Всемирный следопыт, 1928 № 08 | страница 16
9 сентября мы проплыли мыс Челюскин, замечательный тем, что это са-амый северный пункт Азии. Нам стал попадаться старый лед, и мы медленно продвигались вперед по узкой полынье вдоль берега.
В сентябре мы не могли дальше продвигаться по льду и стали искать место, где бы остановиться на зиму.
Подходящего места, защищенного от ветра, не было. Лишь два небольших холмика, выдаваясь вперед, казалось, ослабляли несколько напор льда с севера. Подойти к ним было легко, но я боялся очутиться в ловушке.
В конце концов, мы зашли за холмы и стали на якорь в 150 метрах от берегла. Мы назвали этот ненадежный приют «гаванью Мод», и она, вопреки нашим ожиданиям, в течение целого года служила нам верным убежищем.
Первым делом мы принялись за постройку обсерватории и помещения для двадцати собак. Мы очень торопились, и через две недели, то-есть к 30 сентября, все было готово.
Суровые арктические ветры не давали вам хоть сколько-нибудь сносно проводить зиму. Чтобы утеплить наше помещение, мы стали сгребать к бокам «Мод» снег и наложили его до самой палубы, так что снежная стена почти отвесно спускалась от корабля на ледяную поверхность. Для того чтобы легче было сходить с «Мод», мы сделали более покатый спуск, который начинался прямо против двери рубки. По бокам сходней мы прикрепили канат, за который можно было держаться, поднимаясь на корабль и спускаясь с него.

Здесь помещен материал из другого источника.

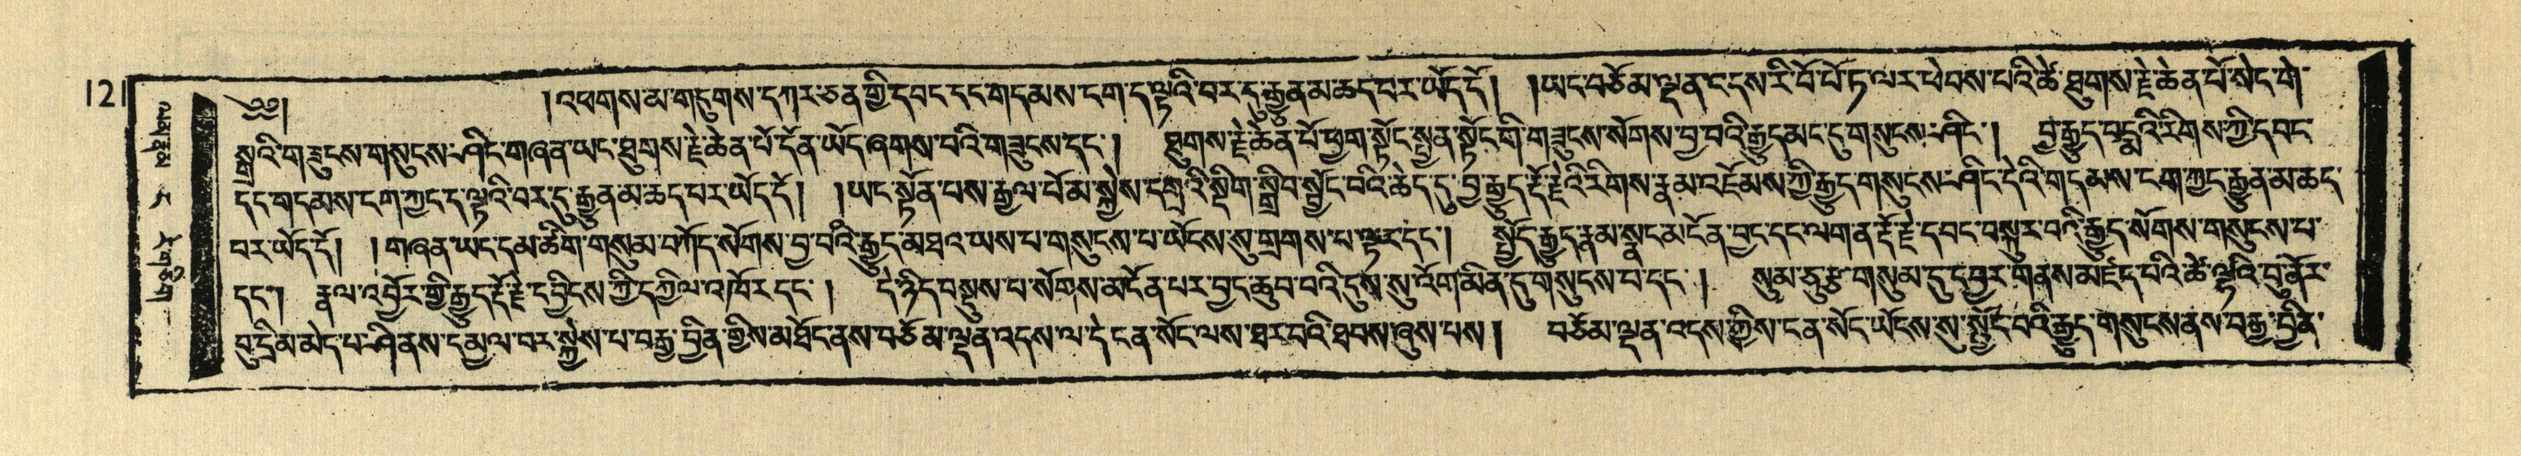༄༅། །འཕགས་མ་གདུགས་དཀར་ཅན་གྱི་དབང་དང་གདམས་ངག་ད་ལྟའི་བར་དུ་རྒྱུན་མ་ཆད་བར་ཡོད་དོ། །ཡང་བཅོམ་ལྡན་འདས་རི་བོ་པོ་ཏ་ལར་ཕེབས་པའི་ཚེ་ཐུགས་རྗེ་ཆེན་པོ་སེང་གེ་
སྒྲའི་གཟུངས་གསུངས་ཤིང་གཞན་ཡང་ཐུགས་རྗེ་ཆེན་པོ་དོན་ཡོད་ཞགས་བའི་གཟུངས་དང་། ཐུགས་རྗེ་ཆེན་པོ་ཕྱག་སྟོང་སྤྱན་སྟོང་གི་གཟུངས་སོགས་བྱ་བའི་རྒྱུད་མང་དུ་གསུངས་ཤིང་། བྱ་རྒྱུད་པདམའི་རིགས་ཀྱི་དབང་
དང་གདམས་ངག་ཀྱང་ད་ལྟའི་བར་དུ་རྒྱུན་མ་ཆད་པར་ཡོད་དོ། །ཡང་སྟོན་པས་རྒྱལ་པོ་མ་སྐྱེས་དགྲའི་སྡིག་སྒྲིབ་སྦྱོང་བའི་ཆེད་དུ་བྱ་རྒྱུད་རྡོ་རྗེའི་རིགས་རྣམ་འཇོམས་ཀྱི་རྒྱུད་གསུངས་ཤིང་དེའི་གདམས་ངག་ཀྱང་རྒྱུན་མ་ཆད་
བར་ཡོད་དོ། །གཞན་ཡང་དམ་ཚིག་གསུམ་བཀོད་སོགས་བྱ་བའི་རྒྱུད་མཐའ་ཡས་པ་གསུངས་པ་ཡོངས་སུ་གྲགས་པ་ལྟར་དང་། སྤྱོད་རྒྱུད་རྣམ་སྣང་མངོན་བྱང་དང་ལག་ན་རྡོ་རྗེ་དབང་བསྐུར་བའི་རྒྱུད་སོགས་གསུངས་པ་
དང་། རྣལ་འབྱོར་གྱི་རྒྱུད་རྡོ་རྗེ་དབྱིངས་ཀྱི་དཀྱིལ་འཁོར་དང་། དེ་ཉིད་བསྡུས་པ་སོགས་མངོན་པར་བྱང་ཆུབ་བའི་དུས་སུ་འོག་མིན་དུ་གསུངས་པ་དང་། སུམ་ཅུ་རྩ་གསུམ་དུ་དབྱར་གནས་མཛད་པའི་ཚེ་ལྷའི་བུ་ནོར་
བུ་དྲི་མ་མེད་པ་ཤི་ནས་དམྱལ་བར་སྐྱེས་པ་བརྒྱ་བྱིན་གྱིས་མཐོང་ནས་བཅོམ་ལྡན་འདས་ལ་དེ་ངན་སོང་ལས་ཐར་བའི་ཐབས་ཞུས་པས། བཅོམ་ལྡན་འདས་ཀྱིས་ངན་སོང་ཡོངས་སུ་སྦྱོང་བའི་རྒྱུད་གསུངས་ནས་བརྒྱ་བྱིན་

Одна из наших сук должна была ощениться. Она очень любила меня и каждое утро, когда я выходил на палубу, бросалась ко мне. Обыкновенно я брал ее на руки и сносил на лед, а потом мы вместе отправлялись на утреннюю прогулку для моциона. Однажды, как раз когда я собирался поднять ее, другая собака, по имени Яков, бросилась мне навстречу и так сильно при этом толкнула меня, что я не удержался на ногах и полетел вниз головой за барьер палубы. При этом я изо всей силы ударился правым плечом о лед. Искры так и посыпались у меня из глаз! Придя в себя, я едва смог сесть. Плечо неистово ныло. Я ни минуты не сомневался, что переломил себе кость, как это впоследствии и подтвердилось рентгеновскими снимками.
С величайшим трудом втащился я на корабль. Тут Вистинг, учившийся в Осло ухаживать за больными, сделал мне первую перевязку. Боль была до того мучительна, что я не мог шевелить рукою. Чтобы дать руке покой, Вистинг прибинтовал ее к туловищу; так я пролежал целую неделю. Потом я стал носить руку на перевязи. Однако мои испытания этим не кончились.